REQUIREMENT:
An exact transcription of every entry is required, with the images left out.

[[ RAW DATA, beginning ]]

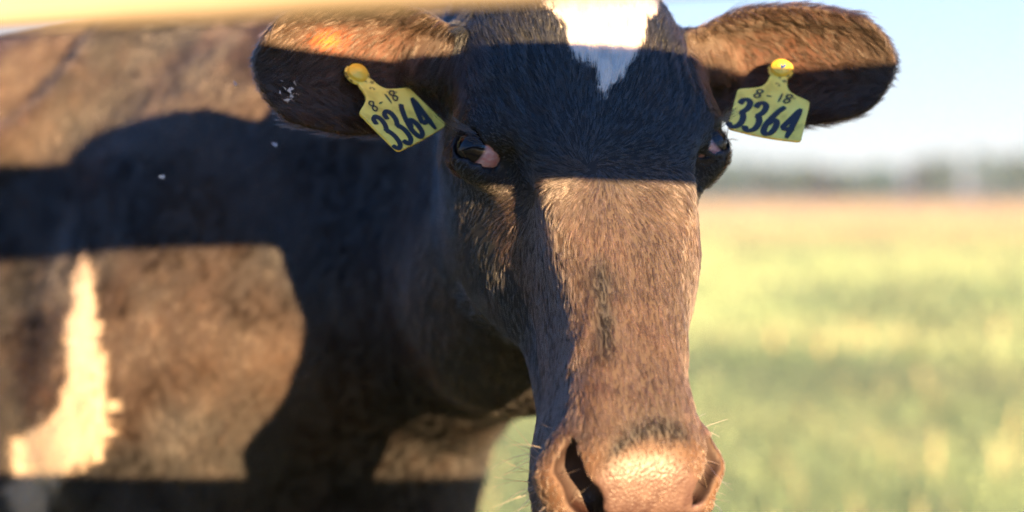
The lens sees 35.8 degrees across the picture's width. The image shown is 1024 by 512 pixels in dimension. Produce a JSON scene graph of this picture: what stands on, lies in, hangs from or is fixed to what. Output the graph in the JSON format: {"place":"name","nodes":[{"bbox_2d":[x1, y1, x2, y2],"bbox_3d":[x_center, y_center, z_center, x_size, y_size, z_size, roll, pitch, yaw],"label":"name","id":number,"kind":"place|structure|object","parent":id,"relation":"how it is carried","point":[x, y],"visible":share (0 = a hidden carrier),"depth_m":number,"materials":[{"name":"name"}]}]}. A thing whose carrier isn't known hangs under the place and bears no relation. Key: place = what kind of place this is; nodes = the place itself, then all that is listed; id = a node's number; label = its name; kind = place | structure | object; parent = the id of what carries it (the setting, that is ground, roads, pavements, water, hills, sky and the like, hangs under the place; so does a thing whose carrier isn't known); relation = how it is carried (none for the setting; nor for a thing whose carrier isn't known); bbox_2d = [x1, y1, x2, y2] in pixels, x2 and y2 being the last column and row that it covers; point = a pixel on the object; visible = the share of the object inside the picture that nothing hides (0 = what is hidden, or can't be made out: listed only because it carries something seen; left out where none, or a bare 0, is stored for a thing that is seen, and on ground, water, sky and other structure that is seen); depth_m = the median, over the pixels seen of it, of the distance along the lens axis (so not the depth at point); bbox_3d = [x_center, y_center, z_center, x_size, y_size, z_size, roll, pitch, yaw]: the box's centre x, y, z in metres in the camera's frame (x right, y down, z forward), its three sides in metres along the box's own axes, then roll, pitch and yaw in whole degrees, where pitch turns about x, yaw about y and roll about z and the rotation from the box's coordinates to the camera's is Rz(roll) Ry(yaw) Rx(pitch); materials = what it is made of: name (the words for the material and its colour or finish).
{"place":"outdoors","nodes":[
{"label":"outdoors","id":0,"kind":"place"},
{"bbox_2d":[479,188,1023,511],"bbox_3d":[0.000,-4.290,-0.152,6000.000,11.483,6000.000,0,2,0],"label":"ground","id":1,"kind":"structure","parent":0,"point":[967,195],"depth_m":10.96,"materials":[{"name":"green plant"}]},
{"bbox_2d":[0,0,584,32],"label":"board fence","id":2,"kind":"object","parent":1,"relation":"on","point":[26,15],"visible":1,"depth_m":0.75,"materials":[{"name":"brown wood"}]},
{"bbox_2d":[0,0,902,511],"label":"cow","id":3,"kind":"object","parent":1,"relation":"on","point":[332,300],"visible":0.95,"depth_m":1.72},
{"bbox_2d":[344,63,444,151],"bbox_3d":[-0.112,-0.129,1.369,0.066,0.095,0.022,-34,-15,-43],"label":"ear tag","id":4,"kind":"object","parent":3,"relation":"hanging from","point":[398,119],"visible":1,"depth_m":1.36,"materials":[{"name":"yellow plastic"}]},
{"bbox_2d":[726,59,809,142],"bbox_3d":[0.229,-0.136,1.401,0.066,0.095,0.022,12,-36,11],"label":"ear tag","id":5,"kind":"object","parent":3,"relation":"hanging from","point":[773,108],"visible":0.98,"depth_m":1.39,"materials":[{"name":"yellow plastic"}]},
{"bbox_2d":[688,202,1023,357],"bbox_3d":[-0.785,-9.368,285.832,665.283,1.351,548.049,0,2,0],"label":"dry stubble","id":6,"kind":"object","parent":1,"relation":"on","point":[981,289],"visible":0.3,"depth_m":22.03,"materials":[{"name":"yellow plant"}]},
{"bbox_2d":[700,150,1023,199],"bbox_3d":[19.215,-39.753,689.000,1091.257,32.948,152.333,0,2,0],"label":"distant wood","id":7,"kind":"object","parent":1,"relation":"on","point":[934,179],"visible":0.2,"depth_m":653.95,"materials":[{"name":"plant"}]},
{"bbox_2d":[662,0,1023,187],"label":"sky","id":8,"kind":"structure","parent":0,"point":[959,89],"materials":[{"name":"blue"}]}
]}

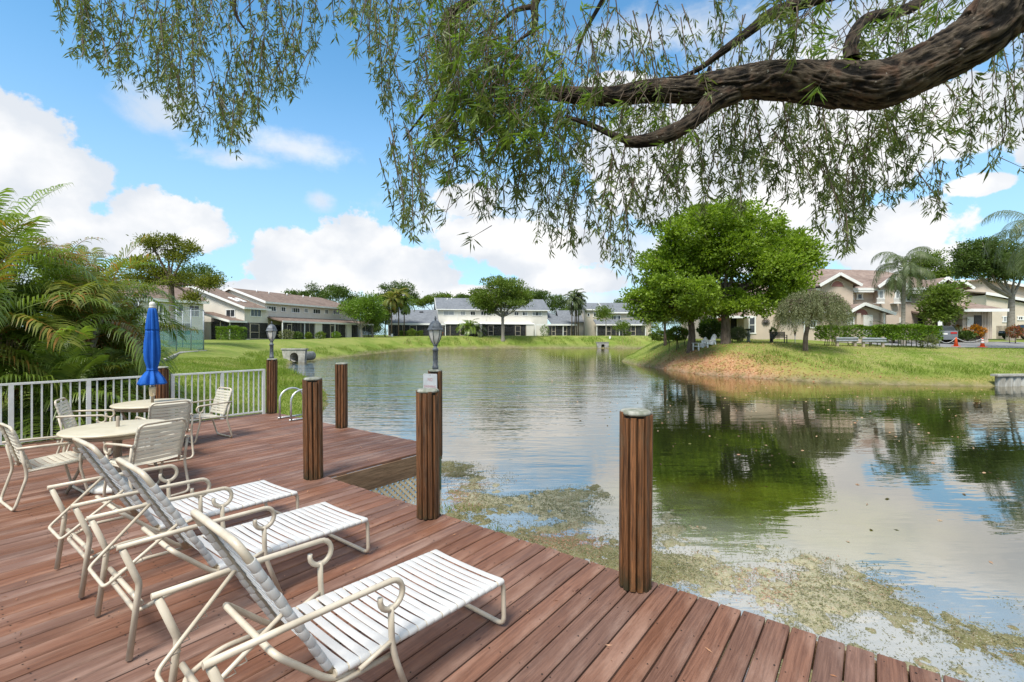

[[ RAW DATA, end ]]

SOLUTION TO THIS TASK:
The lens sees 35.8 degrees across the picture's width. The image shown is 1024 by 512 pixels in dimension. Produce a JSON scene graph of this picture: what stands on, lies in, hangs from or is fixed to what. Output the graph in the JSON format: {"place":"name","nodes":[{"bbox_2d":[x1, y1, x2, y2],"bbox_3d":[x_center, y_center, z_center, x_size, y_size, z_size, roll, pitch, yaw],"label":"name","id":number,"kind":"place|structure|object","parent":id,"relation":"how it is carried","point":[x, y],"visible":share (0 = a hidden carrier),"depth_m":number,"materials":[{"name":"name"}]}]}. A thing whose carrier isn't known hangs under the place and bears no relation. Key: place = what kind of place this is; nodes = the place itself, then all that is listed; id = a node's number; label = its name; kind = place | structure | object; parent = the id of what carries it (the setting, that is ground, roads, pavements, water, hills, sky and the like, hangs under the place; so does a thing whose carrier isn't known); relation = how it is carried (none for the setting; nor for a thing whose carrier isn't known); bbox_2d = [x1, y1, x2, y2] in pixels, x2 and y2 being the last column and row that it covers; point = a pixel on the object; visible = the share of the object inside the picture that nothing hides (0 = what is hidden, or can't be made out: listed only because it carries something seen; left out where none, or a bare 0, is stored for a thing that is seen, and on ground, water, sky and other structure that is seen); depth_m = the median, over the pixels seen of it, of the distance along the lens axis (so not the depth at point); bbox_3d = [x_center, y_center, z_center, x_size, y_size, z_size, roll, pitch, yaw]: the box's centre x, y, z in metres in the camera's frame (x right, y down, z forward), its three sides in metres along the box's own axes, then roll, pitch and yaw in whole degrees, where pitch turns about x, yaw about y and roll about z and the rotation from the box's coordinates to the camera's is Rz(roll) Ry(yaw) Rx(pitch); materials = what it is made of: name (the words for the material and its colour or finish).
{"place":"outdoors","nodes":[
{"label":"outdoors","id":0,"kind":"place"},
{"bbox_2d":[479,188,1023,511],"bbox_3d":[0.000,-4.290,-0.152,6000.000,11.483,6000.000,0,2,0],"label":"ground","id":1,"kind":"structure","parent":0,"point":[967,195],"depth_m":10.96,"materials":[{"name":"green plant"}]},
{"bbox_2d":[0,0,584,32],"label":"board fence","id":2,"kind":"object","parent":1,"relation":"on","point":[26,15],"visible":1,"depth_m":0.75,"materials":[{"name":"brown wood"}]},
{"bbox_2d":[0,0,902,511],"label":"cow","id":3,"kind":"object","parent":1,"relation":"on","point":[332,300],"visible":0.95,"depth_m":1.72},
{"bbox_2d":[344,63,444,151],"bbox_3d":[-0.112,-0.129,1.369,0.066,0.095,0.022,-34,-15,-43],"label":"ear tag","id":4,"kind":"object","parent":3,"relation":"hanging from","point":[398,119],"visible":1,"depth_m":1.36,"materials":[{"name":"yellow plastic"}]},
{"bbox_2d":[726,59,809,142],"bbox_3d":[0.229,-0.136,1.401,0.066,0.095,0.022,12,-36,11],"label":"ear tag","id":5,"kind":"object","parent":3,"relation":"hanging from","point":[773,108],"visible":0.98,"depth_m":1.39,"materials":[{"name":"yellow plastic"}]},
{"bbox_2d":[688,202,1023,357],"bbox_3d":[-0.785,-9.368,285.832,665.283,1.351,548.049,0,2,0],"label":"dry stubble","id":6,"kind":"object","parent":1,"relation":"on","point":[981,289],"visible":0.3,"depth_m":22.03,"materials":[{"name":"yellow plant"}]},
{"bbox_2d":[700,150,1023,199],"bbox_3d":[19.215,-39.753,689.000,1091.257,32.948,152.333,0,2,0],"label":"distant wood","id":7,"kind":"object","parent":1,"relation":"on","point":[934,179],"visible":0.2,"depth_m":653.95,"materials":[{"name":"plant"}]},
{"bbox_2d":[662,0,1023,187],"label":"sky","id":8,"kind":"structure","parent":0,"point":[959,89],"materials":[{"name":"blue"}]}
]}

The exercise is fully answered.